The Republican’s apparent pitch is that he was effectively a member of Congress — the vice president is the president of the Senate — which means he’s eligible to legal protections under the Constitution’s “speech or debate” clause. Generally speaking, this is a provision that says what lawmakers say as part of their legislative duties can’t be questioned in legal proceedings.

But Luttig concluded that this, too, is a tough sell: “Any protections the former vice president is entitled to under the ‘speech and debate’ clause will be few in number and limited in scope.
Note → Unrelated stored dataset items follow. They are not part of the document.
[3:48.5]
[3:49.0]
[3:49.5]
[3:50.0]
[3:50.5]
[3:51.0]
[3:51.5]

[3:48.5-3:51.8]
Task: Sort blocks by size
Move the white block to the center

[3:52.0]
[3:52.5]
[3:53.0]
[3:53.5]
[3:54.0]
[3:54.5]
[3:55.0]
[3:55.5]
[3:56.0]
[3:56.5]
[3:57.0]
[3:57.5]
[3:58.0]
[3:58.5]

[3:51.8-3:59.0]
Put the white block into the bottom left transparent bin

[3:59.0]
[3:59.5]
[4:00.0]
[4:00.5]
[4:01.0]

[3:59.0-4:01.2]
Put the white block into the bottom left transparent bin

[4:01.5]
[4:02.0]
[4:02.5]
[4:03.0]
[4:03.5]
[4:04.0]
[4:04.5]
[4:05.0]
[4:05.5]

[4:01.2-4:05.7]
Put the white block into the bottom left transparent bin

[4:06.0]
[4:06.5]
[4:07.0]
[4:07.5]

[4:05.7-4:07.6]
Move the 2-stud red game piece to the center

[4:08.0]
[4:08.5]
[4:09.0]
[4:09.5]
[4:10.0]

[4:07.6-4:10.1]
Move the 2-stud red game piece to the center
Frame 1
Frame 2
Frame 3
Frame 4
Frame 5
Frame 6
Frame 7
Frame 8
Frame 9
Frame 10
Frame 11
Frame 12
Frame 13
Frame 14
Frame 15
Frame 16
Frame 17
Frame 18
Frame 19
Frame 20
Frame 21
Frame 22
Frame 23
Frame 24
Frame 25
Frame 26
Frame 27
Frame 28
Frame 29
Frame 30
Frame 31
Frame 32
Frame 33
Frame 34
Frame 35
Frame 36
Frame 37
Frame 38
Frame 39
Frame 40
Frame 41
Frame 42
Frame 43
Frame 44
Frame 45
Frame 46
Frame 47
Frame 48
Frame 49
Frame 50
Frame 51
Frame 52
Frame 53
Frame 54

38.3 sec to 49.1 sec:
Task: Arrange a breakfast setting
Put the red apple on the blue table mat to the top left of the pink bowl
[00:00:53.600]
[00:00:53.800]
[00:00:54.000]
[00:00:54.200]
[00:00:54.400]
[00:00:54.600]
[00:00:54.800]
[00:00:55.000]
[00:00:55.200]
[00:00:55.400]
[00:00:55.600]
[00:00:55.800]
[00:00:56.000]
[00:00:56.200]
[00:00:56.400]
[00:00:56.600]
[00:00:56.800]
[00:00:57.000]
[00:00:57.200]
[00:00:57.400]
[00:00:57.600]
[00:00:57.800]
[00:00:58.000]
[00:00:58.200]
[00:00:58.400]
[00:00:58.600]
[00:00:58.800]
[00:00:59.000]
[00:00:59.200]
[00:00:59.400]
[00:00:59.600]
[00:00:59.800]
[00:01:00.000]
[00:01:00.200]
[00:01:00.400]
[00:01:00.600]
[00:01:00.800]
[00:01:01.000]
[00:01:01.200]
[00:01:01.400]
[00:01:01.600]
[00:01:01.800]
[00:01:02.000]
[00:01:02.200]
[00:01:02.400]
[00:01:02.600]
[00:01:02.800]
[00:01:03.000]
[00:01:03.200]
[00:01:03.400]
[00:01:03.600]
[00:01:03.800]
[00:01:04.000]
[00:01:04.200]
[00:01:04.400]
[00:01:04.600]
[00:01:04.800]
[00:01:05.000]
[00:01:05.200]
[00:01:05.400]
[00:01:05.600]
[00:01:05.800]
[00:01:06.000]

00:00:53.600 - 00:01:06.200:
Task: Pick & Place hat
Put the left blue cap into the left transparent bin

There are relatively few circumstances in which a former vice president would be entitled to constitutional protection for his conversations related to his ceremonial and ministerial roles of presiding over the electoral vote count. What Mr. Smith wants to know about are Mr. Pence’s communications and interactions with Mr. Trump before, and perhaps during, the vote count, which are entirely fair game for a grand jury investigating possible crimes against the United States.”

So what happens now? My MSNBC colleague Jordan Rubin added, “Though the ex-judge made a decent case, it remains to be seen whether current judges, including the Republican-dominated Supreme Court, reach the same conclusion if it gets that far.” Watch this space.